The majority denies enforcement of the Board’s broad proscriptive order because the employer did not violate its duty to bargain over the benefit changes and because Menzie, the principal offender, is no longer with the company. I must disagree. For the reasons set forth above, I believe that the employer did violate § 8(a)(5) by refusing to consult with the union over the benefit changes. Moreover, the company’s refusal to grant the benefits, as the majority holds, was motivated by anti-union animus. The majority’s holding implies that the management which made the decision to withhold the benefits shared the anti-union animus evidenced by Menzie’s actions and statements. Therefore, Menzie’s removal does not eliminate a basis for the Board’s proscriptive order.

. In discussing the duty to bargain, the majority accepts the employer’s explanation that it refused to grant the increases because to grant the increases would be a unilateral change in the clerks’ employment conditions. Yet the majority later holds, in affirming the § 8(a)(3) violation, that the company was motivated not merely by its desire to test the union’s certification but by an anti-union animosity.

. An employer’s duty to bargain extends well beyond tie “existing wage structure” to broader patterns in the treatment of employees. Subcontracting work ordinarily performed within a plant, for example, is a mandatory subject of bargaining. Fibreboard Paper Prods. Corp., 379 U.S. 203, 85 S.Ct. 398, 13 L.Ed.2d 233 (1964).

. I also find unpersuasive the majority’s reliance on NLRB v. Blades Mfg. Corp., 344 F.2d 998 (8th Cir.1965). There the court stated in dictum that the employer could have prejudiced its position by meeting with employee representatives to adjust grievances. In that case, the employer was contending that an earlier election rejecting union representation, which the Board had set aside, was valid. Peabody’s refusal to bargain was not based on an earlier election that absolved it of the duty to bargain. Under our court’s decision in Allied Production Corp., 548 F.2d at 653, an employer’s duty begins with the employee’s choice of union representation. For Peabody, no prior decision of the employees complicated its duty to bargain. Because of the strong policy supporting the duty to bargain, I believe it is incorrect to extend the court’s suggestion in Blade’s Mfg. from the particular facts of that case into a broad waiver doctrine. Where an employer has preserved its challenge to certification, the law should not punish that employer for consulting with a union prior to changing the conditions of employment.

. The dangers inherent in delay are increased where, as in this case, the employer may raise benefits for workers who are not members of the bargaining unit. See Eastern Maine Medical Center v. NLRB, 658 F.2d 1, 9 (1st Cir. 1981). The majority’s ruling would permit benefit increases even for similarly situated employees unless there was a showing of anti-union animus as to violate § 8(a)(3).

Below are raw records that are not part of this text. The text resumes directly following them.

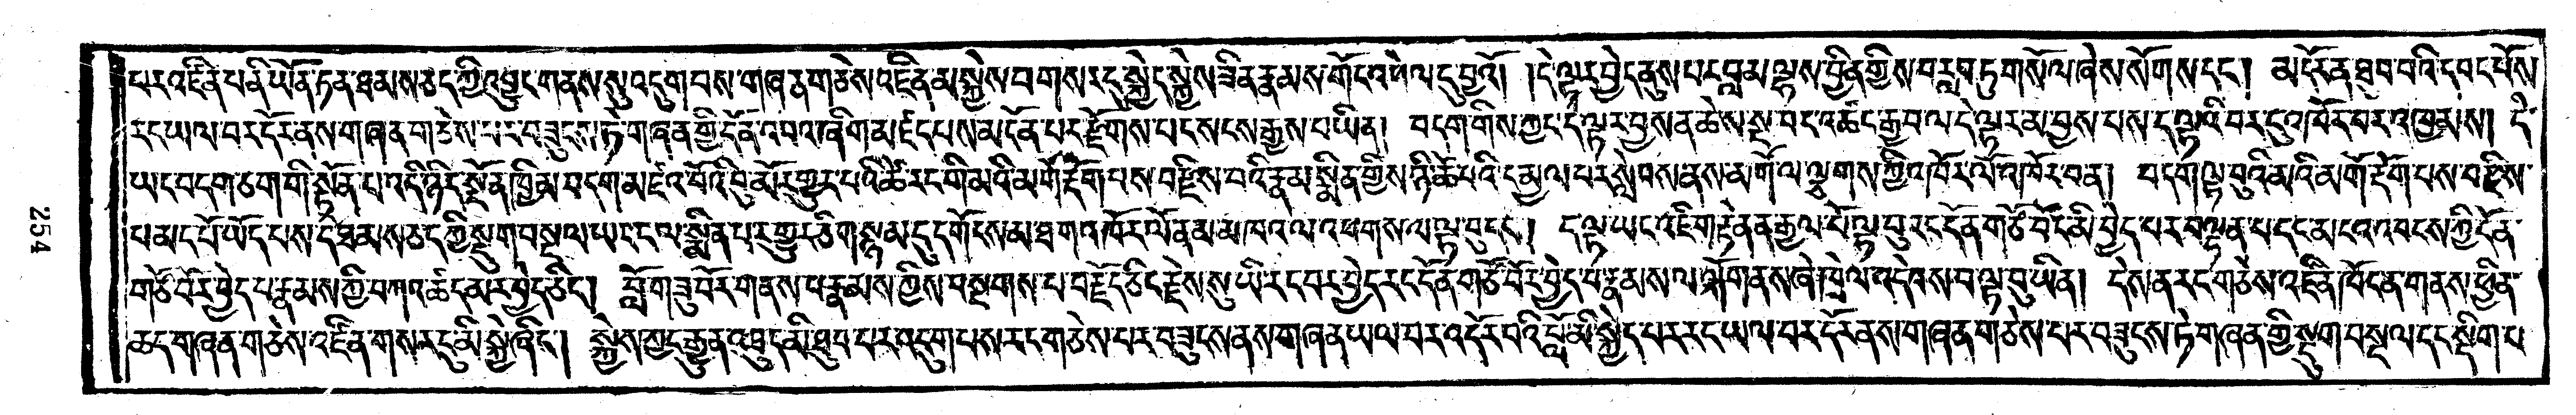པར་འཛིན་པ་ནི་ཡོན་ཏན་ཐམས་ཅད་ཀྱི་འབྱུང་གནས་སུ་འདུག་པས་གཞན་གཅེས་འཇིན་མ་སྐྱེས་བ་གསར་དུ་སྐྱེད་སྐྱེས་ཟིན་རྣམས་གོང་འཕེལ་དུ་བྱའོ། །དེ་ལྟར་བྱེད་ནུས་པར་བླ་མ་ལྷས་བྱིན་གྱིས་བརླབ་ཏུ་གསོལ་ཞེས་སོགས་དང་། མདོར་ན་ཐུབ་པའི་དབང་པོས་
རང་ཡལ་བར་དོར་ནས་གཞན་གཅེས་པར་བཟུངས་ཏེ་གཞན་གྱི་དོན་འབའ་ཞིག་མཛད་པས་མངོན་པར་རྫོགས་པད་སངས་རྒྱས་པ་ཡིན། བདག་གིས་ཀྱང་དེ་ལྟར་བྱས་ན་ཆེས་སྔ་བར་འཚང་རྒྱབ་ལ་དེ་ལྟར་མ་བྱས་པས་ད་ལྟའི་བར་དུ་འཁོར་བར་འཁྱམས། དེ་
ཡང་བདག་ཅག་གི་སྟོན་པ་འདི་ཉིད་སྔོན་ཁྱིམ་བདག་མཛའ་བོའི་བུ་མོར་གྱུར་པའི་ཚེ་རང་གི་མའི་མགོ་རྡོག་པས་བརྫིས་པའི་རྣམ་སྨིན་གྱིས་ཉི་ཚེ་པའི་དམྱལ་བར་སླེབས་ནས་མགོ་ལ་ལྕགས་ཀྱི་འཁོར་ལོ་འཁོར་བ་ན། བདག་ལྟ་བུའི་མའི་མགོ་རྡོག་པས་བརྫིས་
པ་མང་པོ་ཡོད་པས་དེ་ཐམས་ཅད་ཀྱི་སྡུག་བསྔལ་ཡང་ངལ་སྨིན་པར་གྱུར་ཅིག་སྙམ་དུ་དགོངས་མ་ཐག་འཁོར་ལོ་ནམ་མཁའ་ལ་འཕགས་ལ་ལྟ་བུ་དང་། ད་ལྟ་ཡང་འཇིག་རྟེན་ན་རྒྱལ་པོ་ལྟ་བུ་རང་དོན་གཙོ་བོར་མི་བྱེད་པར་བླྷན་པ་དང་མངའ་འབངས་ཀྱི་དོན་
གཙོ་བོར་བྱེད་པ་རྣམས་ཀྱི་བཀའ་ཚད་མར་བྱེད་ཅིང་། བློ་གཟུ་བོར་གནས་པ་རྣམས་ཀྱིས་བསྔགས་པ་བརྗོད་ཅིང་རྗེས་སུ་ཡི་རང་བར་བྱེད་རང་དོན་གཙོ་བོར་བྱེད་པ་རྣམས་ལ་ལྐོག་ནས་ཞེ་ཁྲེལ་འདེབས་བ་ལྟ་བུ་ཡིན། དེས་ན་རང་གཅེས་འཛིན་ཁོང་ན་གནས་ཕྱིན་
ཆད་གཞན་གཅེས་འཛིན་གསར་དུ་མི་སྐྱེ་ཞིང་། སྐྱེས་ཀྱང་རྒྱུན་འཐུད་མི་ཐུབ་པར་འདུག་པས་རང་གཅེས་པར་བཟུངས་ནས་གཞན་ཡལ་བར་འདོར་བའི་བློ་མི་སྐྱེད་པར་རང་ཡལ་བར་དོར་ནས་གཞན་གཅེས་པར་བཟུངས་ཏེ་གཞན་གྱི་སྡུག་བསྔལ་དང་སྡིག་པ་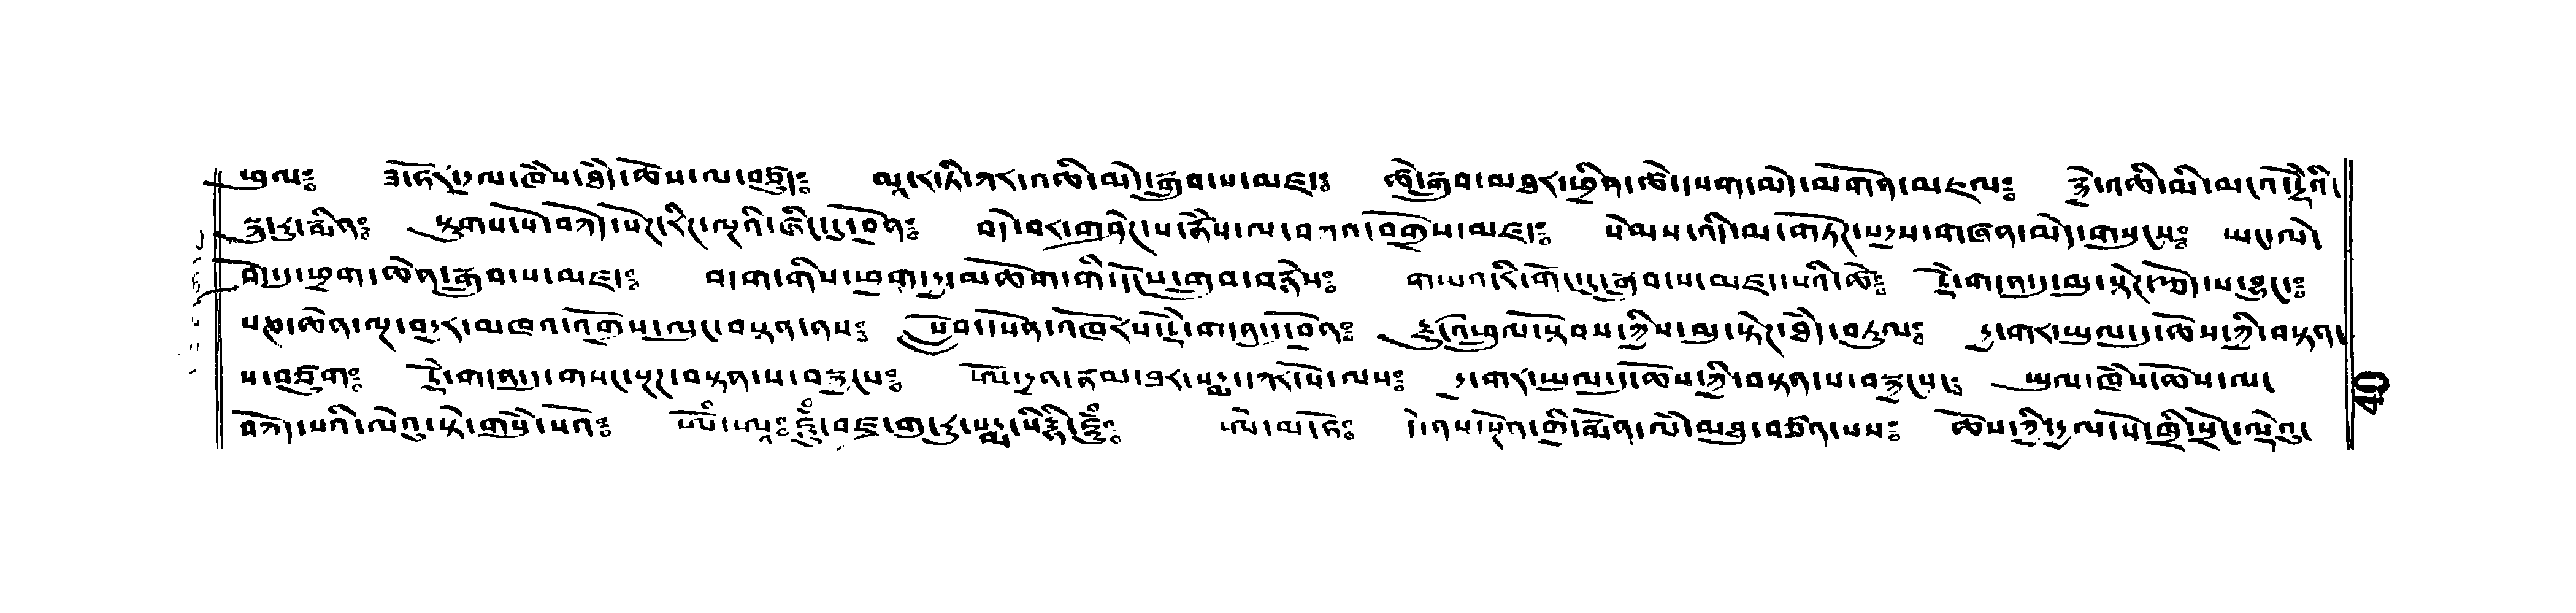ཕུལ༔ ཟ་ཧོར་རྒྱལ་ཁམས་ཐམས་ཅད་ཆོས་ལ་བཙུད༔ མཱ་ར་ཏི་ཀར་འཆི་མེད་སྒྲུབ་པ་མཛད༔ ཚེ་སྒྲུབ་མཐར་ཕྱིན་ཚེ་དཔག་མེད་མགོན་མཇལ༔ སྐྱེ་འཆི་མི་མངའ་རྡོ་རྗེའི་
སྐུ་རུ་སྨིན༔སྟུག་པོ་བཀོད་སོགས་རིགས་ལྔའི་ཞིང་དུ་བྱོན༔ བདེ་བར་གཤེགས་པ་རྣམས་ལ་བཀའ་བགྲོས་མཛད༔ སེམས་འདི་མ་གཏོགས་སངས་རྒྱས་གཞན་མེད་གསུངས༔ ཡང་ལེ་
ཤོད་དུ་ཕྱག་ཆེན་སྒྲུབ་པ་མཛད༔ བདག་གིས་ཕྱག་རྒྱ་མཆོག་གི་དངོས་གྲུབ་བརྙེས༔ གཡའ་རི་གོང་དུ་སྒྲུབ་པ་མཛད་པའི་ཚེ༔ རྡོ་རྗེ་གདན་དུ་མུ་སྟེགས་རྩོད་པ་བྱུང༔ 
པཎ་ཆེན་ལྔ་བརྒྱར་མཁའ་འགྲོས་ལུང་བསྟན་ནས༔ སློབ་དཔོན་འཁོར་བཅས་རྡོ་རྗེ་གདན་དུ་བྱོན༔ རྫུ་འཕྲུལ་སྟོབས་ཀྱིས་མུ་སྟེགས་ཐམས་ཅད་བཏུལ༔ རྒྱ་གར་ཡུལ་དུ་ཆོས་ཀྱི་བསྟན་
པ་བཙུགས༔ རྡོ་རྗེ་གདན་དུ་གསང་སྔགས་བསྟན་པ་བསྐྱངས༔ ཨོ་རྒྱན་རྣམ་ཐར་པདྨ་དཀར་པོ་ལས༔ རྒྱ་གར་ཡུལ་དུ་ཆོས་ཀྱི་བསྟན་པ་བསྐྱངས༔ ཡུལ་ཁམས་ཆོས་ལ་
བཀོད་པའི་ལེའུ་སྟེ་གསུམ་པའོ༔ ཨོཾ་ཨཱཿཧཱུྃ་བཛྲ་གུ་རུ་པདྨ་སིདྡྷི་ཧཱུྃ༔ ཨེ་མ་ཧོ༔ དེ་ནས་སྔོན་གྱི་སྨོན་ལམ་མཐུ་བཙན་པས༔ ཆོས་ཀྱི་རྒྱལ་པོ་ཁྲི་སྲོང་ལྡེའུ་

. The majority seeks to distinguish NLRB v. United Aircraft Co., 490 F.2d 1105 (2d Cir. 1973), from this case. There the employer argued that it was in a dilemma about scheduled wage increases: to grant the increase might amount to a unilateral change and to withhold the increase might constitute a unilateral change. The Second Circuit replied that the way out of the alleged dilemma was to offer to bargain with the union before doing anything. This decision is consistent with other cases that place a legal presumption in support of bargaining. The majority tries to escape this reasoning by arguing that a certification challenge was not present in United Aircraft. Yet the Second Circuit, in a subsequent case, held that the existence of a certification challenge does not alter the presumption in favor of bargaining. Catholic Medical Center v. NLRB, 589 F.2d 1166, 1174 (2d Cir.1978). The majority also attempts to limit its reasoning in the instant case to changes which do not affect the existing conditions of employment. The majority’s treatment of the waiver doctrine, however, does not lend itself to such a narrow reading, for it implies that limited bargaining, even where there is a unilateral change in employment conditions, would prejudice or waive a certification challenge.